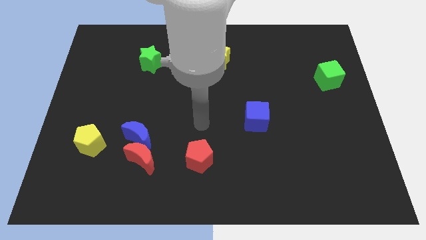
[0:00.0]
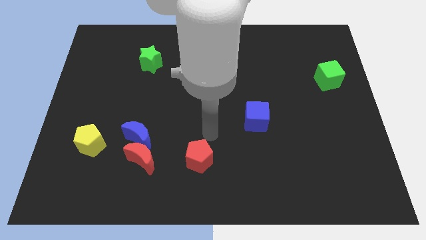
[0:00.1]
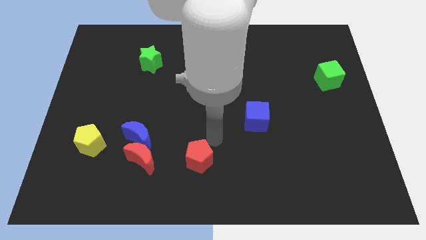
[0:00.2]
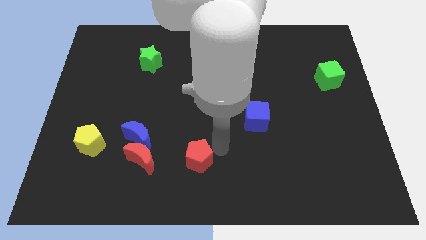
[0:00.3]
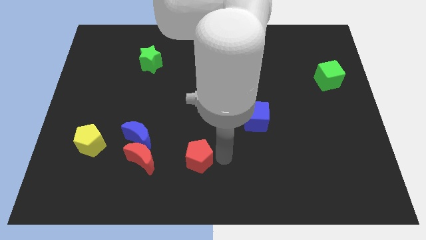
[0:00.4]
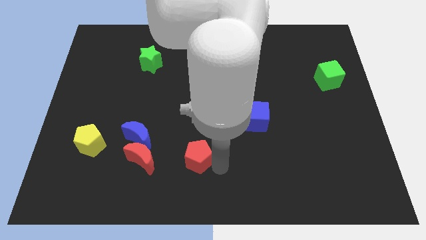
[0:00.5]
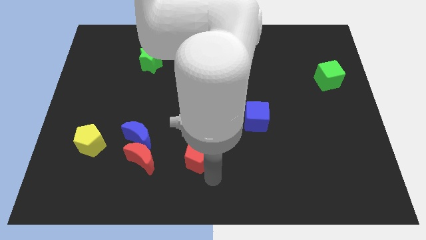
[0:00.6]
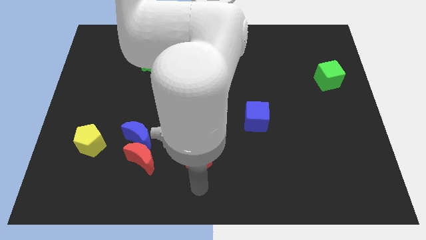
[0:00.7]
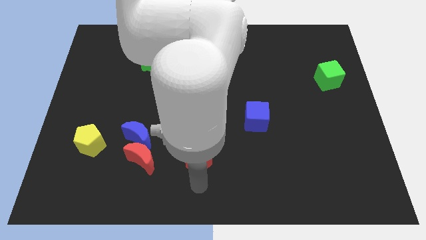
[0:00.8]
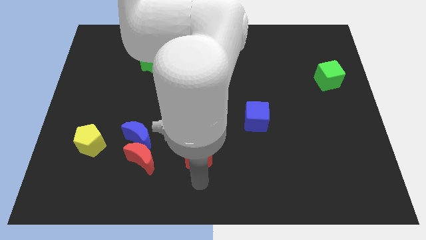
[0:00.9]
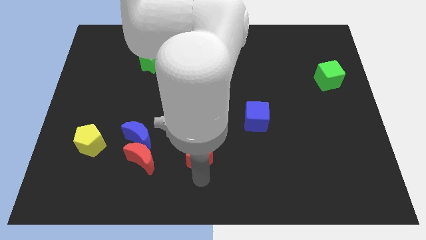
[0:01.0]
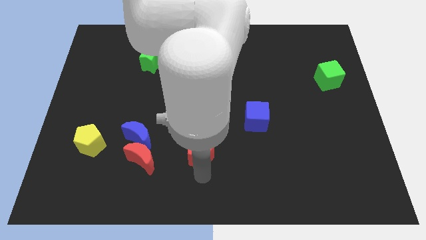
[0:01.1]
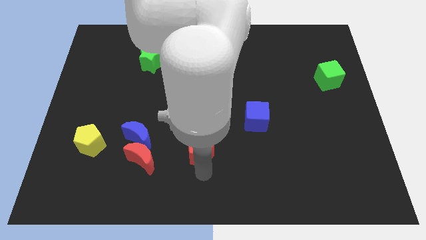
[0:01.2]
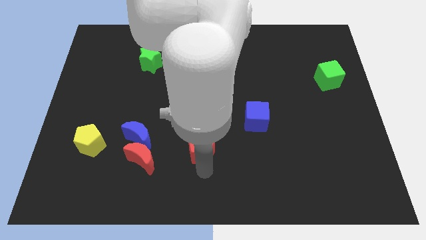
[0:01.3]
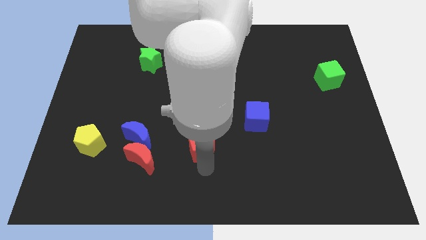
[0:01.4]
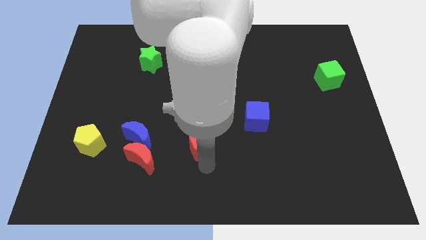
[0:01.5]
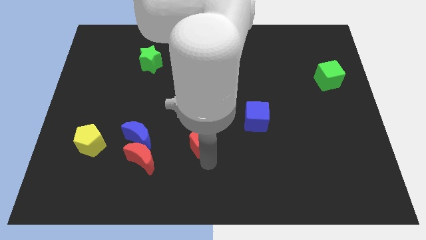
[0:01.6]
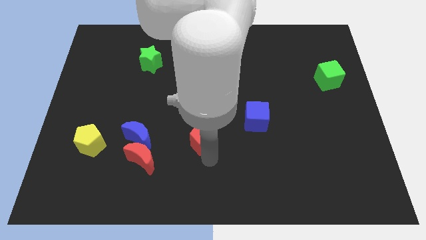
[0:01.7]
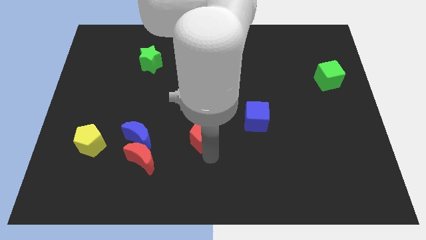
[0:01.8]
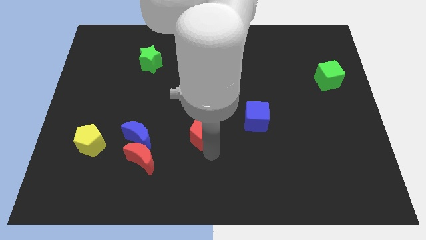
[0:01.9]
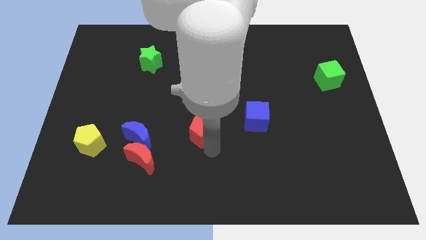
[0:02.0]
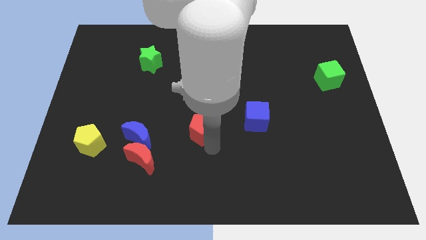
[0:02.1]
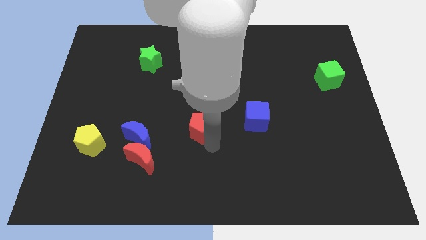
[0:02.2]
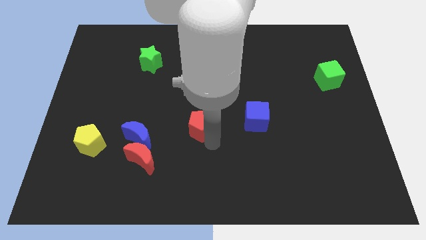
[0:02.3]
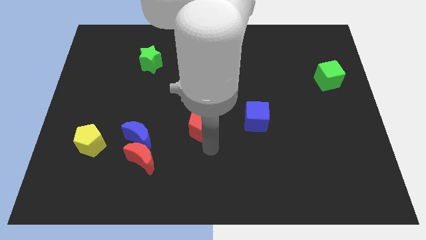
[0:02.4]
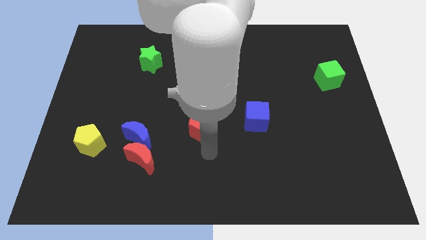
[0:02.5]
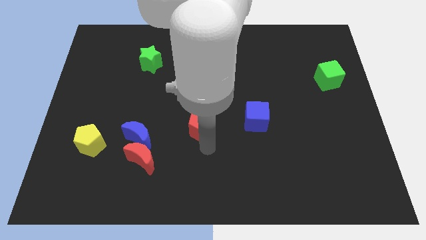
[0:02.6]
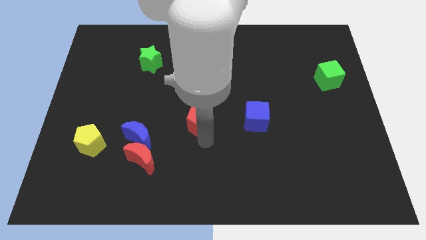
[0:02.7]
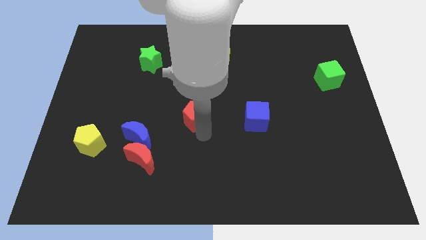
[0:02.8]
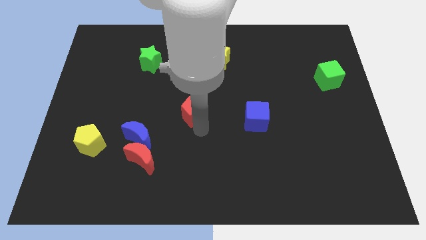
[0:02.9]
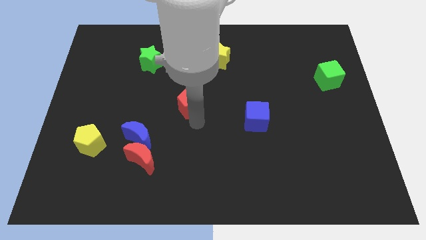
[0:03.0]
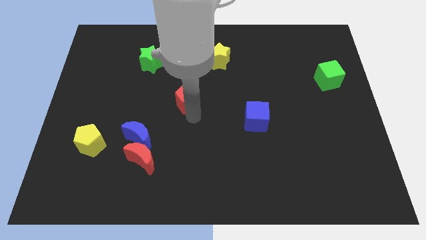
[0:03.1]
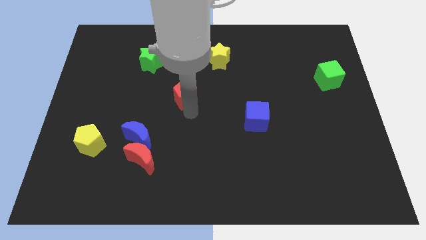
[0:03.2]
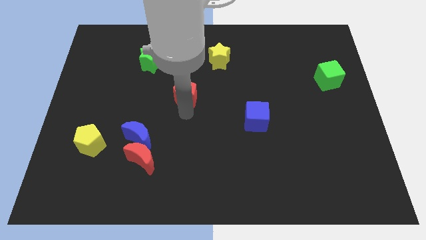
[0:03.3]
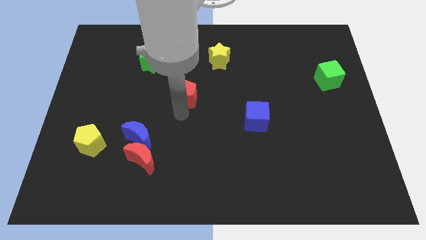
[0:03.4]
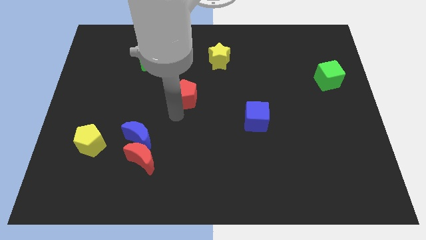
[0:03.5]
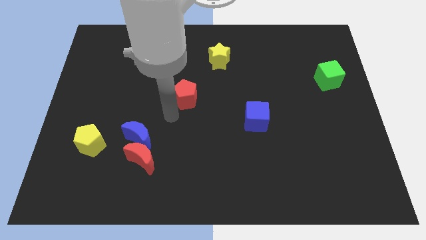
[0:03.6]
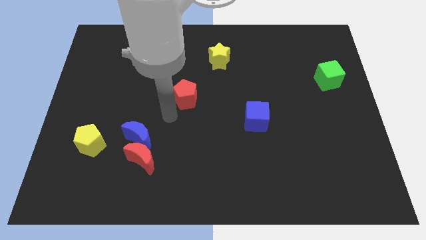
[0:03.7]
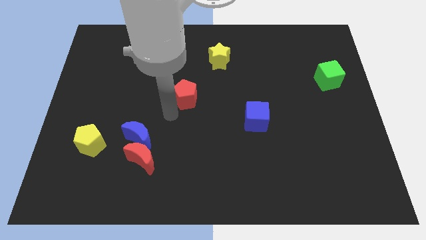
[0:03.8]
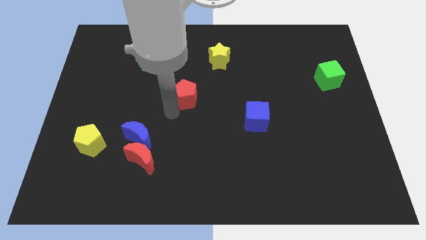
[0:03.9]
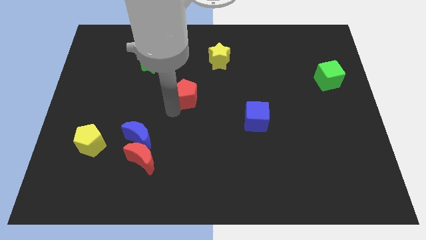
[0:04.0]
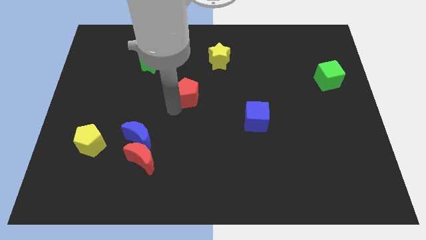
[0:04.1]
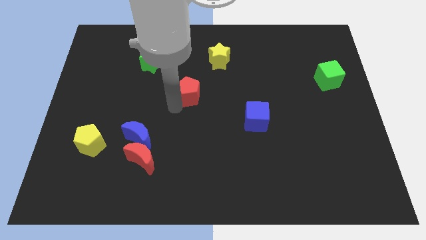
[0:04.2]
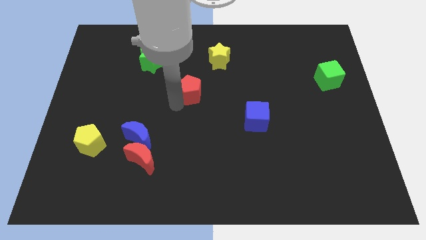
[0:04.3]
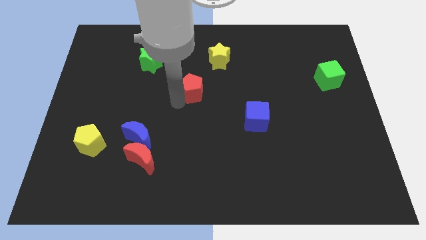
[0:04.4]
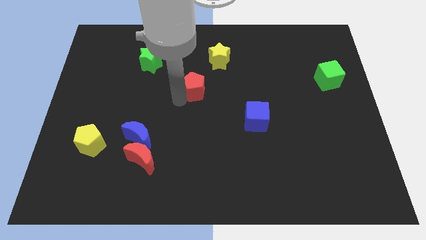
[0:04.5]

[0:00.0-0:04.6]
move the red pentagon to the bottom left side of the yellow star
+++
- Work task: With no pictures included, write out the entries exactly.

- Response to the exercise:
[0:00.0]
[0:00.1]
[0:00.2]
[0:00.3]
[0:00.4]
[0:00.5]
[0:00.6]
[0:00.7]
[0:00.8]
[0:00.9]
[0:01.0]
[0:01.1]
[0:01.2]
[0:01.3]
[0:01.4]
[0:01.5]
[0:01.6]
[0:01.7]
[0:01.8]
[0:01.9]
[0:02.0]
[0:02.1]
[0:02.2]
[0:02.3]
[0:02.4]
[0:02.5]
[0:02.6]
[0:02.7]
[0:02.8]
[0:02.9]
[0:03.0]
[0:03.1]
[0:03.2]
[0:03.3]
[0:03.4]
[0:03.5]
[0:03.6]
[0:03.7]
[0:03.8]
[0:03.9]
[0:04.0]
[0:04.1]
[0:04.2]
[0:04.3]
[0:04.4]
[0:04.5]

[0:00.0-0:04.6]
move the red pentagon to the bottom left side of the yellow star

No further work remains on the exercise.